Observation: Isaiah records here the words of King Hezekiah after informing him that his descendants will suffer greatly under a harsh ruler. Isaiah tells Hezekiah that the king of Babylon will take his countrymen, children, and children’s children into captivity. His response is very self-serving.
This passage has left me wondering for years as I would read it. Here was a “come in and clean house” king. He was totally sold out for God and not ashamed of his fervor to turn Israel back to worshiping and serving the one true God. Yet, after being spared by God and allowed to live fifteen years longer, he undermines his own country’s security. When told of the likely consequences he answers that at least it won’t affect him. Those two attitudes he displays have never jibed in my mind. I checked the “Contrib” section of my on-line bible for another’s understanding and application of verses 7 & 8 of Isaiah 39.  My “Application” today is courtesy of “bennettc2969” and is entitled “Hezekiah’s Selfish Sin.”

Application: I can’t help but respond to this on two levels. 1) So many Christians filter life through this world view – concern only for the now. They worry little about fully equipping their children and children’s children for kingdom living. 2) More tragically, many ministers also process ministry this way. We ignore the hints that the way we minister will one day grow irrelevant because, “Hey! We’re growing!” Oh, how many times I’ve seen this. Growth today doesn’t guarantee relevance tomorrow. This has been shown quite clearly with the seeker-sensitive movement. The message was kept simple and hype was emphasized while Biblical mandates such as church discipline were ignored. Courageous people like Bill Hybels admitted that they made a mistake (while the “dogmatists” rejoiced in glee).
Unlike Hezekiah, we should care very deeply about what happens to our children. We should not grow arrogant and rest on our laurels just because we experience success in the now. Ministry must be geared toward the total discipleship of our people, young and old.

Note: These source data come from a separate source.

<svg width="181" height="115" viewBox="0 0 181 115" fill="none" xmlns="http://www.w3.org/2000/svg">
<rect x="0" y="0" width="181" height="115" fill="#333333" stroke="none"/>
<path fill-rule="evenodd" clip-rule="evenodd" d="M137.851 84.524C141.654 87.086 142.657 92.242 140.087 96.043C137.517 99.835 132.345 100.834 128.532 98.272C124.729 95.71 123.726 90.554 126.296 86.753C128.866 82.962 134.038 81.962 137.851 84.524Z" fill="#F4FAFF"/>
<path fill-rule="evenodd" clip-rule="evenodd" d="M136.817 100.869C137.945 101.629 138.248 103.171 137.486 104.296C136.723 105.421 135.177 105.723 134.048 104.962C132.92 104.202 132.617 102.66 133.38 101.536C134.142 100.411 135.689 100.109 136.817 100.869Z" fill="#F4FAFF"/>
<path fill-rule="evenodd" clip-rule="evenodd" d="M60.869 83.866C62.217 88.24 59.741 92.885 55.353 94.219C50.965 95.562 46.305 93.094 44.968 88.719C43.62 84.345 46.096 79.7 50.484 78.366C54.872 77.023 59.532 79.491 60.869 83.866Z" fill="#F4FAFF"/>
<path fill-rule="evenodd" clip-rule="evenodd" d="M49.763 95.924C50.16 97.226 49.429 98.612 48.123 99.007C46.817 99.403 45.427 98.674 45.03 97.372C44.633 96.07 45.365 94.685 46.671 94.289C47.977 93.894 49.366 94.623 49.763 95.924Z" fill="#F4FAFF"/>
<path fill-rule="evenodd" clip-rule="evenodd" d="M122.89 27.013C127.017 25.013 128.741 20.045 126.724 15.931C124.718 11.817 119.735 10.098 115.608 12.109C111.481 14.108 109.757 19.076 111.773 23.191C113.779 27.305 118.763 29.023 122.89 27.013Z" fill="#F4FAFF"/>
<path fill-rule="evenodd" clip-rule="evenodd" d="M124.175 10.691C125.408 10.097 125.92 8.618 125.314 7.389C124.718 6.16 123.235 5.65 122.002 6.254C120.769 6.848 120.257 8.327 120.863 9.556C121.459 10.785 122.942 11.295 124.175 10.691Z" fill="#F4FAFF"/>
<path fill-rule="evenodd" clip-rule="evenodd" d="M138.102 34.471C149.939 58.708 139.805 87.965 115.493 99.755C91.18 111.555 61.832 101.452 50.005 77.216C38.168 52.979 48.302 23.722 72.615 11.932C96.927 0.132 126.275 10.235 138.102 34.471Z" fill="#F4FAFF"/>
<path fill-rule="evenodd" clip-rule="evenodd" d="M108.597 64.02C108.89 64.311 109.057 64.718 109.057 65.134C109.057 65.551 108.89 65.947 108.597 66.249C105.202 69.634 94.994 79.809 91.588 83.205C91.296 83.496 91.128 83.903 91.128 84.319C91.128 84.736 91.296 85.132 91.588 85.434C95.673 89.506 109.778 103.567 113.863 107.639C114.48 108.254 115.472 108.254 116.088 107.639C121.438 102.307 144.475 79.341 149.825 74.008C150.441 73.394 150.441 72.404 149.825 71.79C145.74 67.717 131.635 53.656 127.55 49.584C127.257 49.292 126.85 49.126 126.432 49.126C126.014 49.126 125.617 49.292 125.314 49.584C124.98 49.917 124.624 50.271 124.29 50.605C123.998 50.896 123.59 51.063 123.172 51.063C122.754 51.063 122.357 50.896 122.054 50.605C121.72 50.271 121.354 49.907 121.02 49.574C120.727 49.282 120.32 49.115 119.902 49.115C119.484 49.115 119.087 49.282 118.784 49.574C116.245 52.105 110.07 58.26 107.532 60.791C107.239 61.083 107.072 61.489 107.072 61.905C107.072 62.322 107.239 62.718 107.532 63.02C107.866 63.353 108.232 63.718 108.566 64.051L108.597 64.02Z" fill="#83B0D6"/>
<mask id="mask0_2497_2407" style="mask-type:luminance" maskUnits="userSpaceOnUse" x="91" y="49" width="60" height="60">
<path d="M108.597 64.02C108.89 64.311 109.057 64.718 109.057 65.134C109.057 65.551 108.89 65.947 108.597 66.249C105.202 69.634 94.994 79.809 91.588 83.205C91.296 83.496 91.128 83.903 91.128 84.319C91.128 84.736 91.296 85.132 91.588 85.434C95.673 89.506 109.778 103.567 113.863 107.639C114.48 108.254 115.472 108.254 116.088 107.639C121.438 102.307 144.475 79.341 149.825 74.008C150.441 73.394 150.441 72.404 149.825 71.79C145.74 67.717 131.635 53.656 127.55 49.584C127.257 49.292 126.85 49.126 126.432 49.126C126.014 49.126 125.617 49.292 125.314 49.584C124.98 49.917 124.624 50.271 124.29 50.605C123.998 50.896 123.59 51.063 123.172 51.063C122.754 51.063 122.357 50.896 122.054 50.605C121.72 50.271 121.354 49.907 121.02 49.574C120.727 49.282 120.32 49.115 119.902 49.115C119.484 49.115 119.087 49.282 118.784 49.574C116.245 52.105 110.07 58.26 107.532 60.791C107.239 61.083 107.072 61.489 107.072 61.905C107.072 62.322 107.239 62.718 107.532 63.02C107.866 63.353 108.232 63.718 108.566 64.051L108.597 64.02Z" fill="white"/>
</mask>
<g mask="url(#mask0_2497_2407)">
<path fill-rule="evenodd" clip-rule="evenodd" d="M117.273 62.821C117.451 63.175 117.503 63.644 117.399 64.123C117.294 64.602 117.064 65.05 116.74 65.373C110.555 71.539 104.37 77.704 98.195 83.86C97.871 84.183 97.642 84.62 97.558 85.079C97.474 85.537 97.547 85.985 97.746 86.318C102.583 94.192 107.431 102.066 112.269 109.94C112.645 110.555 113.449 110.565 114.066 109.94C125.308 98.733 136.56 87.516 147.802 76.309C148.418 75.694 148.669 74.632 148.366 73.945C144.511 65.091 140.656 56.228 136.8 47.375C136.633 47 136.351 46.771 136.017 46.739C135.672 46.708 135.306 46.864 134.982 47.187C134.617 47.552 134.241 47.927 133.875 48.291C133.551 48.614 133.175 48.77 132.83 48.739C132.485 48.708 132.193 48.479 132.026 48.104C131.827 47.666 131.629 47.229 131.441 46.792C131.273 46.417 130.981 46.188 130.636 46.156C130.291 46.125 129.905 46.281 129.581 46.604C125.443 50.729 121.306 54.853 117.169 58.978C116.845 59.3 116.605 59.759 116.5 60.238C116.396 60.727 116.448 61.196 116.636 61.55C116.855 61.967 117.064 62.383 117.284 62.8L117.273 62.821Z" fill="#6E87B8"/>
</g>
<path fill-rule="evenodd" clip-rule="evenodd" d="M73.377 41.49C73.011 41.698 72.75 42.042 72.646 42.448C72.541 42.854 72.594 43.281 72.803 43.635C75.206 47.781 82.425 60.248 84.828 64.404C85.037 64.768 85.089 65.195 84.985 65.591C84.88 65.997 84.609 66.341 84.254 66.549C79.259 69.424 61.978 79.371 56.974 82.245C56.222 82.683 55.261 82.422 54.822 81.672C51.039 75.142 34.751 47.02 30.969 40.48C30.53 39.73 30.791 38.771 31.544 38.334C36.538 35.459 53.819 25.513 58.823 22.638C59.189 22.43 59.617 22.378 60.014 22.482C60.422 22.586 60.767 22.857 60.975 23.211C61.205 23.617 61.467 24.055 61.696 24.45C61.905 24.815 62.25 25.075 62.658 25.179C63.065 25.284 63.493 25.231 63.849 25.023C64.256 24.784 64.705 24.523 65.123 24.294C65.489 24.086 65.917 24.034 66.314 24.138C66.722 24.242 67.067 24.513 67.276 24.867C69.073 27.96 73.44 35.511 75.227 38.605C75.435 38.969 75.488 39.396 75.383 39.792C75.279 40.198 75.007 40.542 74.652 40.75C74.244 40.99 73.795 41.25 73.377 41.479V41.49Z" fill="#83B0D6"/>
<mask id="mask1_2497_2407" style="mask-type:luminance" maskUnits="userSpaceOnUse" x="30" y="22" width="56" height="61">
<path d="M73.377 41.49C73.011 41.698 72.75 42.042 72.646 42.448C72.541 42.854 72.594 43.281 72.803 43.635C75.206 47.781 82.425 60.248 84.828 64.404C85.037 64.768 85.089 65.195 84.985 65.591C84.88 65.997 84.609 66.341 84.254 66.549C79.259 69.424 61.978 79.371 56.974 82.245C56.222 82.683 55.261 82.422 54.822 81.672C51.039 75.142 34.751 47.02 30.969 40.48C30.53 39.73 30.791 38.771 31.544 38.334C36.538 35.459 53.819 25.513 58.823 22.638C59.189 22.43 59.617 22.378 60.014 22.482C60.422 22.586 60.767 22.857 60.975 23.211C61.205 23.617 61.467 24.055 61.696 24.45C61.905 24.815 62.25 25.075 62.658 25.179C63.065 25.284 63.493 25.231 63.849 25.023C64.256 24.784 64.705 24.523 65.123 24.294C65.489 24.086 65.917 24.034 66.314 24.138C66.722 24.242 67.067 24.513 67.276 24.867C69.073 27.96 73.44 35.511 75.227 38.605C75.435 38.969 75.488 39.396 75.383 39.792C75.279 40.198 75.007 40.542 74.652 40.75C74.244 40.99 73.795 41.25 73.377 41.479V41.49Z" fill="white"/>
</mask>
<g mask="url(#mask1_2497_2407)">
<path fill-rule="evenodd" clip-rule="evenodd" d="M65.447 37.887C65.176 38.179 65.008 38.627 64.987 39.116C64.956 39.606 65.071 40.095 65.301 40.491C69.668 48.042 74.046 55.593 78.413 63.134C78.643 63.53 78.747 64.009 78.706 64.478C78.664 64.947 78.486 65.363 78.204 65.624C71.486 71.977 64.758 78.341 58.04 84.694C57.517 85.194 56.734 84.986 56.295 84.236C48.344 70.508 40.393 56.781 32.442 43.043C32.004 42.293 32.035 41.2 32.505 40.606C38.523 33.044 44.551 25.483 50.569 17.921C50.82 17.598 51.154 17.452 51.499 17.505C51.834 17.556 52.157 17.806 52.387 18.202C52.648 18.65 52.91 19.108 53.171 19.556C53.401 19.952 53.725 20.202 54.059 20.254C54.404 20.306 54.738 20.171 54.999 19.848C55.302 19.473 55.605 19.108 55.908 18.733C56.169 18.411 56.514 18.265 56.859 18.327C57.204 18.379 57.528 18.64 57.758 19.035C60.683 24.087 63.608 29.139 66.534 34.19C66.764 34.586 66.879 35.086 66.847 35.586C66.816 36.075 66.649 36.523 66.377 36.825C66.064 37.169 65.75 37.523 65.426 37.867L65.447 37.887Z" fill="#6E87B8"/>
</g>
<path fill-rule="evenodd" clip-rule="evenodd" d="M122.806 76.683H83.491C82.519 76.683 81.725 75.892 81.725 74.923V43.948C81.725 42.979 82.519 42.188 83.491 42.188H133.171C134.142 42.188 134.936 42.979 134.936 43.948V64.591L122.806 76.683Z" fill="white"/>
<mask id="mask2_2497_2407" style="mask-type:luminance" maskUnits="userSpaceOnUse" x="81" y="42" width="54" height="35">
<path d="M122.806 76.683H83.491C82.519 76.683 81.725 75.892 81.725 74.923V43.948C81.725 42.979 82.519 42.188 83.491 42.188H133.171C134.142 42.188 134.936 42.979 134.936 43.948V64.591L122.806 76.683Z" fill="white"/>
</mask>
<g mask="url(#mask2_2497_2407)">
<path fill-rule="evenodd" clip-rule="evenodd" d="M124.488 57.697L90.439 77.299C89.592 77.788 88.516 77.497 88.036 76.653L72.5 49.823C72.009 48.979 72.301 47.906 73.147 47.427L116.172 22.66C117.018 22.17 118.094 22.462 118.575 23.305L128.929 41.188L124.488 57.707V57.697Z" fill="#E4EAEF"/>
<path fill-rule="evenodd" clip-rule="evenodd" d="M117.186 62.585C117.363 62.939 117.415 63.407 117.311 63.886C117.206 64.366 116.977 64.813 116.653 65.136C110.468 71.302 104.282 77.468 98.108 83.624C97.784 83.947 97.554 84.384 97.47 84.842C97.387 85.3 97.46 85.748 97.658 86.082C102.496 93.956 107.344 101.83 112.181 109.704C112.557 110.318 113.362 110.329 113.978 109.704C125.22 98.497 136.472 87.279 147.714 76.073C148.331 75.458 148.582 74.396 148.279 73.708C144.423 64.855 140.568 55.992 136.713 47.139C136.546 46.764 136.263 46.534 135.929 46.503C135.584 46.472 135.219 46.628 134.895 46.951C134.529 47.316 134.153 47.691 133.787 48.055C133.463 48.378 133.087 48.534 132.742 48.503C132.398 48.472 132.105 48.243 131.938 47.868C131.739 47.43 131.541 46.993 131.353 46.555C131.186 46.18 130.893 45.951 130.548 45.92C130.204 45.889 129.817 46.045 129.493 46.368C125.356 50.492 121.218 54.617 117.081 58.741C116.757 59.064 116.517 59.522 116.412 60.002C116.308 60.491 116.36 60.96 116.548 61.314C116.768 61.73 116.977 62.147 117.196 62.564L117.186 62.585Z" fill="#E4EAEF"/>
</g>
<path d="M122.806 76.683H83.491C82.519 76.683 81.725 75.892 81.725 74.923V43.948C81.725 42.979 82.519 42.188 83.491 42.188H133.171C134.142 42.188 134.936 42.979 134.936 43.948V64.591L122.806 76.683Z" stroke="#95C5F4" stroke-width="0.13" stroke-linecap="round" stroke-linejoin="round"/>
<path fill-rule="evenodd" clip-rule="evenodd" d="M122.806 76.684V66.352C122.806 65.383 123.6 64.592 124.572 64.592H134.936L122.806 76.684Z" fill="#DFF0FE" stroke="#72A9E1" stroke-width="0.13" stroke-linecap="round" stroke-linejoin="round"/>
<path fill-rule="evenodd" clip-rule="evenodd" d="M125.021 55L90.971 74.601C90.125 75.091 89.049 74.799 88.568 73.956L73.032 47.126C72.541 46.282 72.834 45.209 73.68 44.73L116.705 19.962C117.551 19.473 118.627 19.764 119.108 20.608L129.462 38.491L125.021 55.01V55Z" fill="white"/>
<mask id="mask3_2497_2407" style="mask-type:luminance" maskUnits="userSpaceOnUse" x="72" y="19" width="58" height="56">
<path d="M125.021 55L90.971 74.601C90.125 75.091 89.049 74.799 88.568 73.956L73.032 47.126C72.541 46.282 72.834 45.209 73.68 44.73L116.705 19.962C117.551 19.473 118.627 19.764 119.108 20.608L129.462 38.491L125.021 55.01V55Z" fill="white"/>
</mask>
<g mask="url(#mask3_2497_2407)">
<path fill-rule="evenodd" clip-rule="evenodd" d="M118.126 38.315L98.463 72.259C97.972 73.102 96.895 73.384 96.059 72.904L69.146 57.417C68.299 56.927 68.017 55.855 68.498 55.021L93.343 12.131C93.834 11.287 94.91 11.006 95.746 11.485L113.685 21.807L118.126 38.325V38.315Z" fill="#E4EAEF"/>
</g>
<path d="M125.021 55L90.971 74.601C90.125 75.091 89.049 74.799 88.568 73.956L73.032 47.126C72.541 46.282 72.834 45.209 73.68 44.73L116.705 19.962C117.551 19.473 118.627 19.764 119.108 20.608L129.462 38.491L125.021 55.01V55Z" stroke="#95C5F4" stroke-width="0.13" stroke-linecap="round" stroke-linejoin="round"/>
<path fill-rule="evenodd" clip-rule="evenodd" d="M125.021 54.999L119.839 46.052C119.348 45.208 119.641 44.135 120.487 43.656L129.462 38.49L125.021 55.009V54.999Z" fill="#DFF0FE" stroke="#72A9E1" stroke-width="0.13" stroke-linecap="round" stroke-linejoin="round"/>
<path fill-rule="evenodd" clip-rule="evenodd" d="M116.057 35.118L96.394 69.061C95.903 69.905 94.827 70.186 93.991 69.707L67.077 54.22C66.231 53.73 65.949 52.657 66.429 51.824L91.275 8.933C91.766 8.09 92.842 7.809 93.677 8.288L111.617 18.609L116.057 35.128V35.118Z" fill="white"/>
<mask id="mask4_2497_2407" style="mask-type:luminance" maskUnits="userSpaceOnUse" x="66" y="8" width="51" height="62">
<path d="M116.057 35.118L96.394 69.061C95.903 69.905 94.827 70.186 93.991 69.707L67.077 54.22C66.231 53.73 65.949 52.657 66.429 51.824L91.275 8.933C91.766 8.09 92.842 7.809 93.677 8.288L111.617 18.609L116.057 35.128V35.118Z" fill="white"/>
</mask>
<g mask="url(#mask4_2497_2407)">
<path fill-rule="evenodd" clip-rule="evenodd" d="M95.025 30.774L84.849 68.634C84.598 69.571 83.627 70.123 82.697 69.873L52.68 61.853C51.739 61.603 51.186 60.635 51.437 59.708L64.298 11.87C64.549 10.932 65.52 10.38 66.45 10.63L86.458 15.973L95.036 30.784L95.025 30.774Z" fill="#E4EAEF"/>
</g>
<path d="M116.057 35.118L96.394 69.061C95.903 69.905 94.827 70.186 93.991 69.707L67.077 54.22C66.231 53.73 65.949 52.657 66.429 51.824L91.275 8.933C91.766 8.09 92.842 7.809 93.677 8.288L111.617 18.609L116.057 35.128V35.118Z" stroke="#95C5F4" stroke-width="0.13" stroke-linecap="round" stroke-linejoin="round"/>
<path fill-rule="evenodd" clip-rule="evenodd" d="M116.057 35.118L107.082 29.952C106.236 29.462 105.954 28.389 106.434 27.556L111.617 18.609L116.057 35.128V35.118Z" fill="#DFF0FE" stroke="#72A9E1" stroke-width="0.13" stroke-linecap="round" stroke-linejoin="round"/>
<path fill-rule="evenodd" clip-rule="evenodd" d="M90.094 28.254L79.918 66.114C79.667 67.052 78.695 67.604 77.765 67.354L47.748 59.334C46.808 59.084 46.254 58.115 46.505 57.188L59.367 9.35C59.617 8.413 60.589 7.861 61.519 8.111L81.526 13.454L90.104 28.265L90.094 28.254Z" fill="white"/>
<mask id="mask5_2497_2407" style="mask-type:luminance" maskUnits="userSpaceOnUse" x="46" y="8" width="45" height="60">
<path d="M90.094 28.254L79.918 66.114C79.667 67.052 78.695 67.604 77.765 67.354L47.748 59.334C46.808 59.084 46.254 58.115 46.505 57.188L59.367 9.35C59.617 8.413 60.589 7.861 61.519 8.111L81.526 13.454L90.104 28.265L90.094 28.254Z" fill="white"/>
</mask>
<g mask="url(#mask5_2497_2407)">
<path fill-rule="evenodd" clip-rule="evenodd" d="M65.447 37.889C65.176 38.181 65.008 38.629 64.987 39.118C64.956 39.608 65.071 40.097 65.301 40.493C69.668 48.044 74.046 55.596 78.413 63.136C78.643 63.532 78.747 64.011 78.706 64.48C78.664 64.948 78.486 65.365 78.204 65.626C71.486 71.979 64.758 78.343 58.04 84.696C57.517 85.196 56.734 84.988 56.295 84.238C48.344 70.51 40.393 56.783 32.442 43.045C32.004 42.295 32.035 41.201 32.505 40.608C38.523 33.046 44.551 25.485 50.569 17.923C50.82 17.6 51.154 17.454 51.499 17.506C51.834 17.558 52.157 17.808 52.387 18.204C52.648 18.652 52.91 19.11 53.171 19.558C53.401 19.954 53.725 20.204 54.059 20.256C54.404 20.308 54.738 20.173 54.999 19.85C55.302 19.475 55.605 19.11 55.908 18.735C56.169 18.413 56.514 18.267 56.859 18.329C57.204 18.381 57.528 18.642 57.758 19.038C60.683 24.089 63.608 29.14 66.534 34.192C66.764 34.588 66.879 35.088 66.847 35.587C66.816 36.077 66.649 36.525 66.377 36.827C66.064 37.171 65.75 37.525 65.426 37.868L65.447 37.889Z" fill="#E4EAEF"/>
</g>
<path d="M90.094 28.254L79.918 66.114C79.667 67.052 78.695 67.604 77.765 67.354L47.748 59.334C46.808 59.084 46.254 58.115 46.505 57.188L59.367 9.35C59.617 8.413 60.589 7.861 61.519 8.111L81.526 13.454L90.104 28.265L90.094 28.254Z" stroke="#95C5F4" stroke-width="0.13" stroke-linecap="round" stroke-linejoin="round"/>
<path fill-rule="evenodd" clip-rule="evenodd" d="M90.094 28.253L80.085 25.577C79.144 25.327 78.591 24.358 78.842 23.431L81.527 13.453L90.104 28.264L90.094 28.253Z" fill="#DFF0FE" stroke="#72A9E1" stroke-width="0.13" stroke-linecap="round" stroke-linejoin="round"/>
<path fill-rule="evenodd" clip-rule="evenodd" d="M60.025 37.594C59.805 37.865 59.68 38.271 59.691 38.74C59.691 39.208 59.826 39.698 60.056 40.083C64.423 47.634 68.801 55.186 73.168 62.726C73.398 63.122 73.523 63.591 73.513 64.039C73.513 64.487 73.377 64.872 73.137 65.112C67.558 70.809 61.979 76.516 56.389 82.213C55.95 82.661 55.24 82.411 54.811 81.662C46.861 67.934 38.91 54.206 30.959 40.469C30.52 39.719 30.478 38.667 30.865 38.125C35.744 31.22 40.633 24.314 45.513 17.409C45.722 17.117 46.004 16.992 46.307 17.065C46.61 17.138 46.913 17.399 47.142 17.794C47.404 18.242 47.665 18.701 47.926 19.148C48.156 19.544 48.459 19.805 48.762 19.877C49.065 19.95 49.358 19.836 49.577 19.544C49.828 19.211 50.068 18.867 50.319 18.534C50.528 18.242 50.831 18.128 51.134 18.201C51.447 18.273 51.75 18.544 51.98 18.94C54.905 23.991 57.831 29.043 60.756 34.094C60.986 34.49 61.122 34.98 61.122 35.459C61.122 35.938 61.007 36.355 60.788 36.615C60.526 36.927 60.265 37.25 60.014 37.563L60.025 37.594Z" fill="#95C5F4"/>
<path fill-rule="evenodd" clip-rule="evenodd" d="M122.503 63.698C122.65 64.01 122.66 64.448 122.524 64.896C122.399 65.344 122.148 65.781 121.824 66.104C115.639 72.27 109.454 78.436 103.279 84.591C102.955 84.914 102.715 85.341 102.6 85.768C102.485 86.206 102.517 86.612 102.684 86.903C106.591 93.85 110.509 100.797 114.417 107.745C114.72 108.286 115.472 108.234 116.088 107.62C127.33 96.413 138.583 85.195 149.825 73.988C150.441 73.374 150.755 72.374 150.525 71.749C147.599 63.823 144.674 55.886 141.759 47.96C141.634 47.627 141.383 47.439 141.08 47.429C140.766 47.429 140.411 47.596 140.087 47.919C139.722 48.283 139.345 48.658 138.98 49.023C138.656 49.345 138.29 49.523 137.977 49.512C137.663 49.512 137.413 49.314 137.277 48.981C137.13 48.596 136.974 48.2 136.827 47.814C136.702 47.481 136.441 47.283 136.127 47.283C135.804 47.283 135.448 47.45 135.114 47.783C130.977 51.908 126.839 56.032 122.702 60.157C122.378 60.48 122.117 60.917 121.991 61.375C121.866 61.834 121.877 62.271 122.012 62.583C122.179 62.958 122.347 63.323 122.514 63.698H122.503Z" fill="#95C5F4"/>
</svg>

Prayer: Father, help me to care for others more than myself. Today’s author spoke specifically of the sin of selfishness in ministry. I need to understand that selfishness doesn’t belong in any Christian’s life. Help me to care what happens to others as much as I care what happens to me. I ask this in Jesus’ name. Amen


2 Replies to “Hezekiah’s Selfishness”

  1. Doug;

    An interesting question to ask yourself here is what message you would have expected Isaiah to bring from God. If you did not know the message from already having read it, would you not suppose that God would punish immediately and dramatically – or at least might?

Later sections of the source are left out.